Alex thought he could handle the pressure. Maybe he thought that getting good results are not important and just competing would be enough. Or maybe he thought he was really better prepared than he actually was, and he could get good results. But again, he was not. After placing among the last at 2 competitions, Alex is disappointed at gymnastics. He is bitter, sad, and angry. I can see that he realized that he made a mistake by going into the competitions. And I was wondering if I made a mistake by letting him.

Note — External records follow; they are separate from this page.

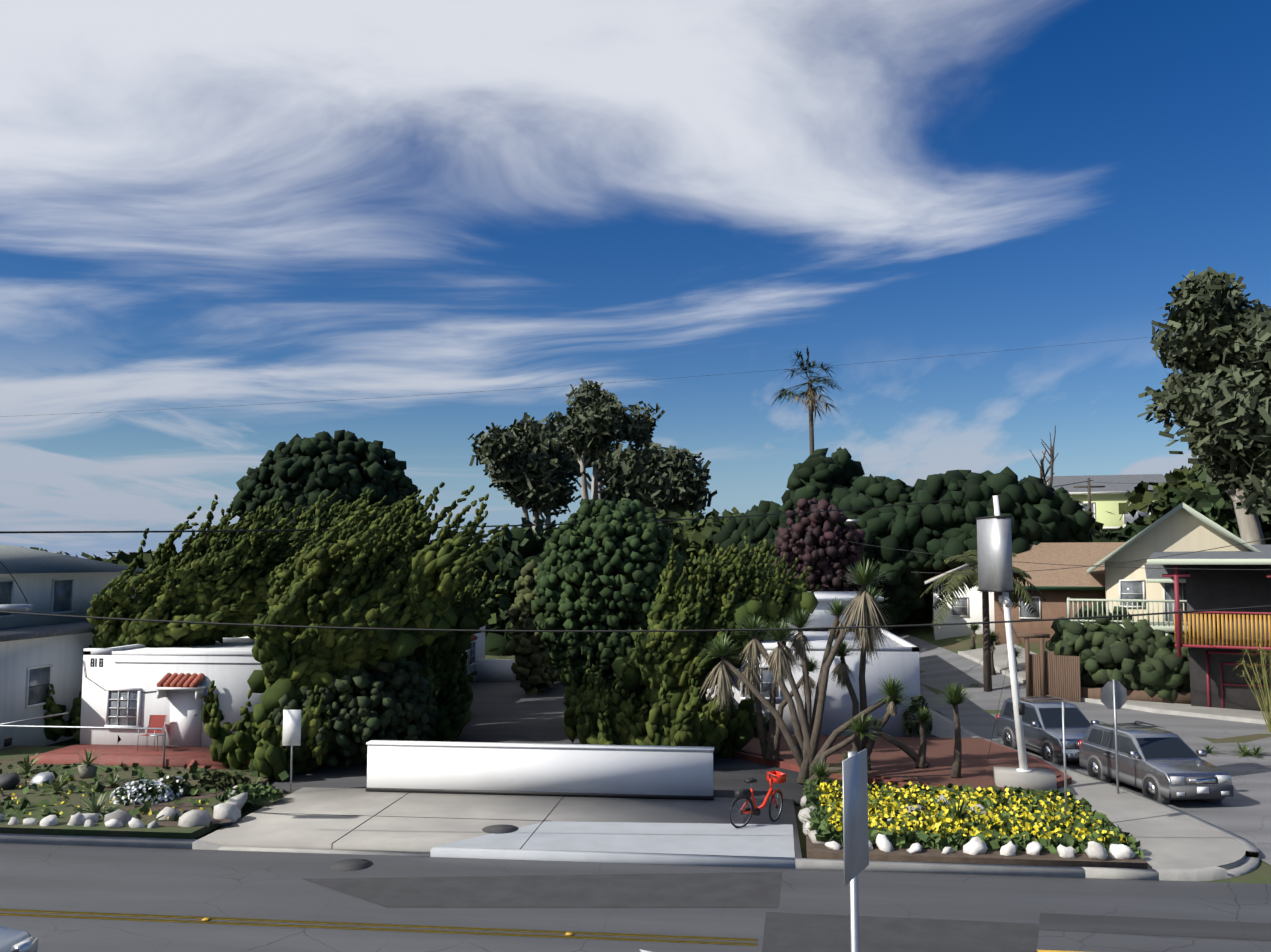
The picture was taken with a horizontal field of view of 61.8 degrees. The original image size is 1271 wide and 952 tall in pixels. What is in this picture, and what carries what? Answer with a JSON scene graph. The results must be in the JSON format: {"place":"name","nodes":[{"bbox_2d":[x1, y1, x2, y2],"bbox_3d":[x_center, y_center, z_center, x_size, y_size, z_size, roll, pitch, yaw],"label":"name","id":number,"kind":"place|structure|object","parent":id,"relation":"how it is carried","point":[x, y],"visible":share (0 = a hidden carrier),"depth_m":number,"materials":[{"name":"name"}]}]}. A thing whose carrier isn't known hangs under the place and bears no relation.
{"place":"outdoors","nodes":[
{"label":"outdoors","id":0,"kind":"place"},
{"bbox_2d":[0,545,145,748],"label":"grey house","id":1,"kind":"structure","parent":0,"point":[39,654],"depth_m":38.09,"materials":[{"name":"white paint"}]},
{"bbox_2d":[0,745,1147,868],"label":"garden ground","id":2,"kind":"structure","parent":0,"point":[172,829],"depth_m":24.55,"materials":[{"name":"soil"}]},
{"bbox_2d":[0,772,54,789],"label":"garden dome and stone","id":3,"kind":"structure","parent":2,"relation":"on","point":[8,781],"depth_m":28.40,"materials":[{"name":"stone"}]},
{"bbox_2d":[0,761,298,820],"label":"garden plants","id":4,"kind":"object","parent":2,"relation":"on","point":[147,792],"visible":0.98,"depth_m":27.35,"materials":[{"name":"green plant"}]},
{"bbox_2d":[266,656,435,768],"bbox_3d":[-8.787,7.048,32.879,5.185,3.680,5.368,-1,-5,6],"label":"shrub","id":5,"kind":"object","parent":2,"relation":"on","point":[391,701],"visible":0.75,"depth_m":31.39,"materials":[{"name":"green plant"}]},
{"bbox_2d":[7,747,1013,831],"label":"agaves and aloes","id":6,"kind":"object","parent":2,"relation":"on","point":[86,769],"visible":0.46,"depth_m":27.77,"materials":[{"name":"green"}]},
{"bbox_2d":[0,786,1135,860],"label":"rocks","id":7,"kind":"object","parent":2,"relation":"on","point":[230,808],"depth_m":24.28,"materials":[{"name":"white stone"}]},
{"bbox_2d":[802,778,1143,857],"bbox_3d":[7.485,7.932,24.983,6.923,0.603,5.600,-1,-5,6],"label":"yellow flower bed","id":8,"kind":"object","parent":2,"relation":"on","point":[1025,819],"visible":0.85,"depth_m":23.96,"materials":[{"name":"yellow plant"}]},
{"bbox_2d":[1062,702,1067,815],"bbox_3d":[9.976,6.724,24.649,0.057,2.893,0.320,-2,-5,25],"label":"sign pole","id":9,"kind":"object","parent":2,"relation":"on","point":[1064,757],"visible":0.78,"depth_m":24.67,"materials":[{"name":"metal"}]},
{"bbox_2d":[0,629,1270,951],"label":"road","id":10,"kind":"structure","parent":0,"point":[788,909],"depth_m":20.06,"materials":[{"name":"grey asphalt"}]},
{"bbox_2d":[0,926,37,951],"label":"car","id":11,"kind":"object","parent":10,"relation":"on","point":[13,940],"visible":1,"depth_m":15.39,"materials":[{"name":"silver metal"}]},
{"bbox_2d":[377,557,503,741],"bbox_3d":[-7.718,6.004,37.414,6.063,7.297,3.785,-1,-5,6],"label":"juniper","id":12,"kind":"object","parent":10,"relation":"on","point":[438,660],"visible":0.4,"depth_m":36.68,"materials":[{"name":"green plant"}]},
{"bbox_2d":[459,581,488,690],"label":"tree","id":13,"kind":"object","parent":10,"relation":"on","point":[463,662],"depth_m":43.57,"materials":[{"name":"green plant"}]},
{"bbox_2d":[0,909,1082,951],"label":"road markings","id":14,"kind":"object","parent":10,"relation":"on","point":[205,920],"visible":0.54,"depth_m":18.34,"materials":[{"name":"yellow paint"}]},
{"bbox_2d":[531,497,687,692],"bbox_3d":[-0.805,5.179,41.403,6.197,8.693,6.232,-1,-5,6],"label":"round pine","id":15,"kind":"object","parent":10,"relation":"on","point":[604,572],"visible":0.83,"depth_m":39.25,"materials":[{"name":"green plant"}]},
{"bbox_2d":[575,538,774,758],"bbox_3d":[1.363,5.689,33.774,5.455,7.414,5.315,-4,-6,39],"label":"juniper","id":16,"kind":"object","parent":10,"relation":"on","point":[675,670],"visible":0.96,"depth_m":32.88,"materials":[{"name":"green plant"}]},
{"bbox_2d":[710,531,819,642],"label":"juniper","id":17,"kind":"object","parent":10,"relation":"on","point":[784,600],"visible":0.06,"depth_m":42.01,"materials":[{"name":"green plant"}]},
{"bbox_2d":[471,686,1071,791],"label":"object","id":18,"kind":"structure","parent":10,"relation":"on","point":[892,764],"depth_m":31.95,"materials":[{"name":"paint"}]},
{"bbox_2d":[560,628,650,743],"bbox_3d":[-0.033,7.220,35.222,4.269,4.453,4.100,1,-5,-15],"label":"juniper","id":19,"kind":"object","parent":18,"relation":"on","point":[628,679],"visible":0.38,"depth_m":34.27,"materials":[{"name":"green plant"}]},
{"bbox_2d":[736,622,820,759],"bbox_3d":[4.348,6.558,32.767,3.201,4.216,1.800,-1,-5,6],"label":"yucca group","id":20,"kind":"object","parent":18,"relation":"on","point":[770,748],"visible":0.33,"depth_m":32.36,"materials":[{"name":"green plant"}]},
{"bbox_2d":[753,694,933,736],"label":"bed shrubs","id":21,"kind":"object","parent":18,"relation":"on","point":[910,727],"visible":0.42,"depth_m":36.41,"materials":[{"name":"plant"}]},
{"bbox_2d":[818,585,912,769],"bbox_3d":[6.709,5.819,30.805,2.751,5.424,2.020,-1,-5,6],"label":"yucca group","id":22,"kind":"object","parent":18,"relation":"on","point":[841,669],"visible":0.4,"depth_m":30.68,"materials":[{"name":"green plant"}]},
{"bbox_2d":[870,706,938,768],"bbox_3d":[7.830,7.669,31.252,2.459,1.887,1.065,-3,-5,32],"label":"yucca","id":23,"kind":"object","parent":18,"relation":"on","point":[919,759],"visible":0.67,"depth_m":30.93,"materials":[{"name":"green plant"}]},
{"bbox_2d":[931,680,980,777],"bbox_3d":[8.882,7.017,29.393,1.507,2.746,1.487,-1,-5,6],"label":"yucca","id":24,"kind":"object","parent":18,"relation":"on","point":[955,696],"visible":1,"depth_m":29.40,"materials":[{"name":"green plant"}]},
{"bbox_2d":[976,495,1056,790],"bbox_3d":[10.366,4.509,28.809,1.791,7.984,1.358,-1,-5,6],"label":"motel sign pole","id":25,"kind":"object","parent":18,"relation":"on","point":[994,549],"visible":1,"depth_m":28.53,"materials":[{"name":"white metal"}]},
{"bbox_2d":[697,558,916,785],"bbox_3d":[4.652,5.343,29.308,6.180,6.278,3.800,-1,-5,6],"label":"yucca group","id":26,"kind":"object","parent":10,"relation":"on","point":[810,760],"visible":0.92,"depth_m":29.39,"materials":[{"name":"green plant"}]},
{"bbox_2d":[771,497,866,590],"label":"plum tree","id":27,"kind":"object","parent":10,"relation":"on","point":[830,555],"visible":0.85,"depth_m":59.08,"materials":[{"name":"purple plant"}]},
{"bbox_2d":[920,550,1047,691],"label":"queen palm","id":28,"kind":"object","parent":10,"relation":"on","point":[955,582],"visible":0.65,"depth_m":48.20,"materials":[{"name":"green plant"}]},
{"bbox_2d":[1079,721,1233,803],"bbox_3d":[14.295,7.909,29.449,2.140,1.768,4.525,1,-5,-6],"label":"car","id":29,"kind":"object","parent":10,"relation":"on","point":[1164,766],"visible":0.98,"depth_m":28.65,"materials":[{"name":"silver metal"}]},
{"bbox_2d":[0,0,1270,558],"label":"sky","id":30,"kind":"structure","parent":0,"point":[210,204],"materials":[{"name":"blue"}]},
{"bbox_2d":[46,559,1270,883],"bbox_3d":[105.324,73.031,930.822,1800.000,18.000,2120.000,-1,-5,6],"label":"ground","id":31,"kind":"structure","parent":0,"point":[1260,873],"depth_m":37.95,"materials":[{"name":"brown soil"}]},
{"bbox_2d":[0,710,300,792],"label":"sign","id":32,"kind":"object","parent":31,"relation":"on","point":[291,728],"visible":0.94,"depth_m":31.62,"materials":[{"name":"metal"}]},
{"bbox_2d":[43,494,323,740],"bbox_3d":[-16.153,5.247,39.532,10.706,9.162,5.767,1,-5,-11],"label":"juniper","id":33,"kind":"object","parent":31,"relation":"on","point":[214,577],"visible":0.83,"depth_m":37.92,"materials":[{"name":"green plant"}]},
{"bbox_2d":[30,599,561,768],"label":"motel","id":34,"kind":"structure","parent":31,"relation":"on","point":[136,685],"depth_m":34.06,"materials":[{"name":"paint"}]},
{"bbox_2d":[201,503,434,733],"bbox_3d":[-10.218,5.321,36.462,6.876,8.627,6.329,-1,-5,6],"label":"juniper","id":35,"kind":"object","parent":31,"relation":"on","point":[207,707],"visible":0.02,"depth_m":33.80,"materials":[{"name":"green plant"}]},
{"bbox_2d":[233,489,414,637],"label":"juniper","id":36,"kind":"object","parent":31,"relation":"on","point":[372,491],"depth_m":46.97,"materials":[{"name":"green plant"}]},
{"bbox_2d":[231,430,424,543],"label":"tree","id":37,"kind":"object","parent":31,"relation":"on","point":[307,472],"visible":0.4,"depth_m":54.97,"materials":[{"name":"green plant"}]},
{"bbox_2d":[244,488,421,638],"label":"juniper","id":38,"kind":"object","parent":31,"relation":"on","point":[328,517],"visible":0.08,"depth_m":42.56,"materials":[{"name":"green plant"}]},
{"bbox_2d":[204,482,508,781],"bbox_3d":[-8.013,4.686,32.016,8.778,8.839,4.855,-1,-5,6],"label":"juniper","id":39,"kind":"object","parent":31,"relation":"on","point":[405,575],"visible":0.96,"depth_m":30.99,"materials":[{"name":"green plant"}]},
{"bbox_2d":[506,559,551,694],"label":"tree","id":40,"kind":"object","parent":31,"relation":"on","point":[530,668],"depth_m":49.46,"materials":[{"name":"green plant"}]},
{"bbox_2d":[467,412,591,535],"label":"eucalyptus","id":41,"kind":"object","parent":31,"relation":"on","point":[533,468],"visible":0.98,"depth_m":85.00,"materials":[{"name":"green plant"}]},
{"bbox_2d":[514,574,556,691],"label":"tree","id":42,"kind":"object","parent":31,"relation":"on","point":[543,685],"depth_m":50.70,"materials":[{"name":"green plant"}]},
{"bbox_2d":[0,478,1104,610],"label":"street lights","id":43,"kind":"object","parent":31,"relation":"on","point":[16,607],"visible":0.35,"depth_m":23.28,"materials":[{"name":"metal"},{"name":"painted metal"}]},
{"bbox_2d":[0,325,1270,631],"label":"overhead wires","id":44,"kind":"object","parent":43,"relation":"on","point":[636,631],"visible":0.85,"depth_m":21.78,"materials":[{"name":"grey"}]},
{"bbox_2d":[550,676,559,684],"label":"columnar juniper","id":45,"kind":"object","parent":31,"relation":"on","point":[555,679],"depth_m":53.39,"materials":[{"name":"green plant"}]},
{"bbox_2d":[541,377,665,500],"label":"eucalyptus","id":46,"kind":"object","parent":31,"relation":"on","point":[597,421],"visible":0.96,"depth_m":95.65,"materials":[{"name":"green plant"}]},
{"bbox_2d":[0,644,1269,881],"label":"sidewalk kerbs","id":47,"kind":"structure","parent":31,"relation":"on","point":[1178,844],"depth_m":24.24,"materials":[{"name":"concrete"}]},
{"bbox_2d":[366,740,713,799],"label":"white wall","id":48,"kind":"structure","parent":47,"relation":"on","point":[611,771],"depth_m":28.10,"materials":[{"name":"paint"}]},
{"bbox_2d":[729,771,785,827],"bbox_3d":[2.923,7.646,25.044,1.863,1.167,0.604,3,-2,-37],"label":"share bike","id":49,"kind":"object","parent":47,"relation":"on","point":[777,777],"visible":0.98,"depth_m":24.94,"materials":[{"name":"red metal"}]},
{"bbox_2d":[30,464,1270,655],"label":"trees","id":50,"kind":"object","parent":31,"relation":"on","point":[516,549],"visible":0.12,"depth_m":73.38,"materials":[{"name":"green plant"}]},
{"bbox_2d":[591,442,716,516],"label":"eucalyptus","id":51,"kind":"object","parent":31,"relation":"on","point":[656,480],"visible":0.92,"depth_m":87.41,"materials":[{"name":"green plant"}]},
{"bbox_2d":[713,500,780,576],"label":"tree","id":52,"kind":"object","parent":31,"relation":"on","point":[757,529],"visible":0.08,"depth_m":71.08,"materials":[{"name":"green plant"}]},
{"bbox_2d":[771,346,840,454],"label":"tall palm","id":53,"kind":"object","parent":31,"relation":"on","point":[810,395],"visible":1,"depth_m":98.61,"materials":[{"name":"green plant"}]},
{"bbox_2d":[706,591,919,736],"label":"motel","id":54,"kind":"structure","parent":31,"relation":"on","point":[900,660],"depth_m":37.06,"materials":[{"name":"paint"}]},
{"bbox_2d":[768,447,864,554],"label":"tree","id":55,"kind":"object","parent":31,"relation":"on","point":[818,474],"visible":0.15,"depth_m":69.19,"materials":[{"name":"green plant"}]},
{"bbox_2d":[842,749,868,951],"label":"sign post","id":56,"kind":"object","parent":31,"relation":"on","point":[855,815],"visible":1,"depth_m":8.27,"materials":[{"name":"metal"}]},
{"bbox_2d":[836,473,933,631],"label":"tree","id":57,"kind":"object","parent":31,"relation":"on","point":[902,586],"visible":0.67,"depth_m":64.90,"materials":[{"name":"green plant"}]},
{"bbox_2d":[924,564,994,639],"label":"house","id":58,"kind":"structure","parent":31,"relation":"on","point":[968,609],"depth_m":62.21,"materials":[{"name":"white paint"}]},
{"bbox_2d":[969,624,982,649],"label":"yucca","id":59,"kind":"object","parent":31,"relation":"on","point":[974,627],"visible":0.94,"depth_m":57.87,"materials":[{"name":"green plant"}]},
{"bbox_2d":[905,466,1069,603],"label":"tree","id":60,"kind":"object","parent":31,"relation":"on","point":[943,528],"visible":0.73,"depth_m":63.28,"materials":[{"name":"green plant"}]},
{"bbox_2d":[979,628,1003,674],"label":"yucca","id":61,"kind":"object","parent":31,"relation":"on","point":[992,638],"visible":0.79,"depth_m":51.48,"materials":[{"name":"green plant"}]},
{"bbox_2d":[1003,647,1024,670],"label":"yucca","id":62,"kind":"object","parent":31,"relation":"on","point":[1016,653],"visible":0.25,"depth_m":51.30,"materials":[{"name":"green plant"}]},
{"bbox_2d":[1029,425,1057,486],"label":"bare tree","id":63,"kind":"object","parent":31,"relation":"on","point":[1043,474],"visible":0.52,"depth_m":67.38,"materials":[{"name":"brown plant"}]},
{"bbox_2d":[997,695,1098,764],"bbox_3d":[13.698,8.305,34.802,2.210,1.848,4.505,1,-5,-6],"label":"parked car","id":64,"kind":"object","parent":31,"relation":"on","point":[1042,724],"visible":0.75,"depth_m":34.19,"materials":[{"name":"silver metal"}]},
{"bbox_2d":[1020,475,1095,542],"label":"tree","id":65,"kind":"object","parent":31,"relation":"on","point":[1077,518],"visible":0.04,"depth_m":63.94,"materials":[{"name":"green plant"}]},
{"bbox_2d":[1066,490,1105,539],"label":"tree","id":66,"kind":"object","parent":31,"relation":"on","point":[1091,528],"visible":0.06,"depth_m":66.65,"materials":[{"name":"green plant"}]},
{"bbox_2d":[1045,601,1128,655],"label":"bush","id":67,"kind":"object","parent":31,"relation":"on","point":[1056,644],"depth_m":47.08,"materials":[{"name":"green plant"}]},
{"bbox_2d":[1017,633,1190,703],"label":"fences and bins","id":68,"kind":"object","parent":31,"relation":"on","point":[1049,673],"visible":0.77,"depth_m":45.55,"materials":[{"name":"brown wood"}]},
{"bbox_2d":[1045,474,1165,532],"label":"building","id":69,"kind":"structure","parent":31,"relation":"on","point":[1109,496],"depth_m":93.63,"materials":[{"name":"yellow stucco"},{"name":"grey roof shingles"},{"name":"white painted wood"}]},
{"bbox_2d":[1100,679,1126,793],"bbox_3d":[12.889,7.055,28.458,0.739,3.150,0.072,1,-5,-6],"label":"stop sign","id":70,"kind":"object","parent":31,"relation":"on","point":[1114,694],"visible":0.9,"depth_m":28.55,"materials":[{"name":"metal"}]},
{"bbox_2d":[1063,616,1176,689],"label":"bush","id":71,"kind":"object","parent":31,"relation":"on","point":[1098,664],"depth_m":44.85,"materials":[{"name":"green plant"}]},
{"bbox_2d":[1115,632,1190,700],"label":"bush","id":72,"kind":"object","parent":31,"relation":"on","point":[1178,680],"depth_m":43.94,"materials":[{"name":"green plant"}]},
{"bbox_2d":[1067,502,1260,635],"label":"cream house","id":73,"kind":"structure","parent":31,"relation":"on","point":[1142,588],"depth_m":47.60,"materials":[{"name":"beige paint"}]},
{"bbox_2d":[1137,266,1270,544],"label":"eucalyptus","id":74,"kind":"object","parent":31,"relation":"on","point":[1210,301],"visible":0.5,"depth_m":61.14,"materials":[{"name":"green plant"}]},
{"bbox_2d":[1147,545,1270,711],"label":"dark house","id":75,"kind":"structure","parent":31,"relation":"on","point":[1215,642],"depth_m":42.60,"materials":[{"name":"black paint"}]},
{"bbox_2d":[1159,314,1270,523],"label":"eucalyptus","id":76,"kind":"object","parent":31,"relation":"on","point":[1227,429],"visible":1,"depth_m":54.90,"materials":[{"name":"green plant"}]},
{"bbox_2d":[1194,638,1270,758],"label":"shrubs","id":77,"kind":"object","parent":31,"relation":"on","point":[1243,750],"visible":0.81,"depth_m":35.17,"materials":[{"name":"plant"}]},
{"bbox_2d":[1243,644,1270,732],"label":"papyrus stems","id":78,"kind":"object","parent":77,"relation":"attached to","point":[1266,710],"visible":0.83,"depth_m":39.03,"materials":[{"name":"green plant"}]},
{"bbox_2d":[994,542,1125,645],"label":"brown house","id":79,"kind":"structure","parent":0,"point":[1058,587],"depth_m":58.30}
]}

That's why I was so glad today to hear the gym manager praise Alex. Of course we praise him after every competition, we stress how important it is that he tries his best no matter what the result is, but he probably knows that we do this because we have to, that his younger brother performs so much better, and that makes him sad. I hope that today will change Alex's attitude toward this year's future competitions. He is determined to quit gymnastics after the season is over, and I think it's the right decision, but I really hated to see him suffer through it instead of having fun. I hope he will remember today. And I feel better about my decision to let him compete. To let him make a mistake and learn from it, and hopefully become tougher and stronger. Mentally, not just physically.

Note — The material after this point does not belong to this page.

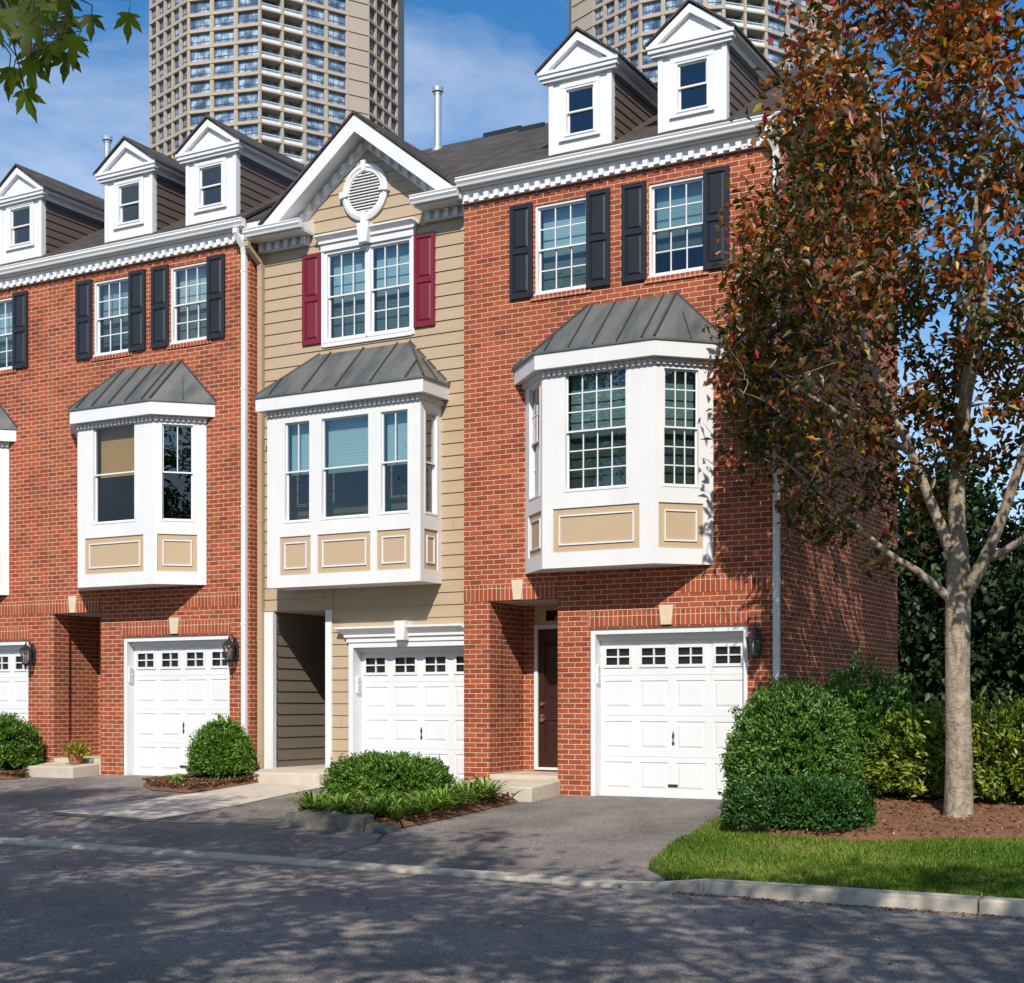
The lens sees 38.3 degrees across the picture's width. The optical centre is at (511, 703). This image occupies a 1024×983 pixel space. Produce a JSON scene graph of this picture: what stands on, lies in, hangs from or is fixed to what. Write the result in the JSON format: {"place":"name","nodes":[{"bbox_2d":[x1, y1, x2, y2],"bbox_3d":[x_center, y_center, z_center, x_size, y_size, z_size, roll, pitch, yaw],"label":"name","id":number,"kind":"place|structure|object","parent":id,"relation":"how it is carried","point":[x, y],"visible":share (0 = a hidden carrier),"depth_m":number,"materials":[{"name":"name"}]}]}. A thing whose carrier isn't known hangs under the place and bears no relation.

Every time I go to a competition, I am at awe with these young men who come to show the miracles of strength and sportsmanship. Each and every one of them comes to the gym 3 - 4 times a week, for several hours, after school and homework, and pushes himself to the limit, to do his best. Every single one of them should be proud, no matter which score he posts on the board. Every single one of them is a champion.
And for every parent I have this to say. Support your kids. It doesn't matter what their interest is. It may be gymnastics, swimming, chess, or ballet. They may perform at the theater or play a musical instrument. Support them, no matter what their results are. If they want to sing in a choir, and you know they can't carry a tune, still support them. Let them do their best. Let them push their limits. They are putting in their time and effort, and sometimes they have to deal with bitter disappointments. The least you can do is show you care. They are your champions, even if they came in next to last.